- **EXERCISE**:
Answer with the number of lines in the records that contain "page" and with nothing else.

==== RECORDS

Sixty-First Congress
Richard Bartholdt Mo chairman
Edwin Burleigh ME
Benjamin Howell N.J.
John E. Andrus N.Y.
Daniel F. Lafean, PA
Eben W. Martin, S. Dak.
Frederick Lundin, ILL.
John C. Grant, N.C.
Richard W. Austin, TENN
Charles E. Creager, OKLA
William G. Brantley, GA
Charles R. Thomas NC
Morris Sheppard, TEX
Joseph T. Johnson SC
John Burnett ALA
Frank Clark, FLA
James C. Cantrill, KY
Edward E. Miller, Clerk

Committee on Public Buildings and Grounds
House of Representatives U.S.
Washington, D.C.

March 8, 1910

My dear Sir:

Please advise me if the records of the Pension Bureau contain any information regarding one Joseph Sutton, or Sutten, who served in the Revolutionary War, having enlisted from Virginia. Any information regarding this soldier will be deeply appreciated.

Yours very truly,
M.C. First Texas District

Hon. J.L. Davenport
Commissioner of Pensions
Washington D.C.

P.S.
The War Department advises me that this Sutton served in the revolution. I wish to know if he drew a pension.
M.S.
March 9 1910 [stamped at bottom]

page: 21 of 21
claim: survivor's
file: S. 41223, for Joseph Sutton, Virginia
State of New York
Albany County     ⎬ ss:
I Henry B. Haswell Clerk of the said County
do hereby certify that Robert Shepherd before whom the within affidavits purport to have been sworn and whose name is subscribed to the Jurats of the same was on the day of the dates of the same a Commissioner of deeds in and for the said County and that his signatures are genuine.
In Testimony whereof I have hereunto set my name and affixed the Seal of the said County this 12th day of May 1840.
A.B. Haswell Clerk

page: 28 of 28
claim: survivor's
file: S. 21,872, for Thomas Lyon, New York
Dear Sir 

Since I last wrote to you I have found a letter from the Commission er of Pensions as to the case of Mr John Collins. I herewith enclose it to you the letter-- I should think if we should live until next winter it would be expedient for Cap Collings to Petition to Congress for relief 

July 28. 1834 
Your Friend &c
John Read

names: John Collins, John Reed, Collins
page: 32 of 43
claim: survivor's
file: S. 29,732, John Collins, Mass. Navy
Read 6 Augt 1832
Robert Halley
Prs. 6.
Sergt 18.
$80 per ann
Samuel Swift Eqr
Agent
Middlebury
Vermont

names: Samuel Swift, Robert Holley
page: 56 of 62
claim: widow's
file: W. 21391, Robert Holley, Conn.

========

- **OUTPUT BELOW**:
4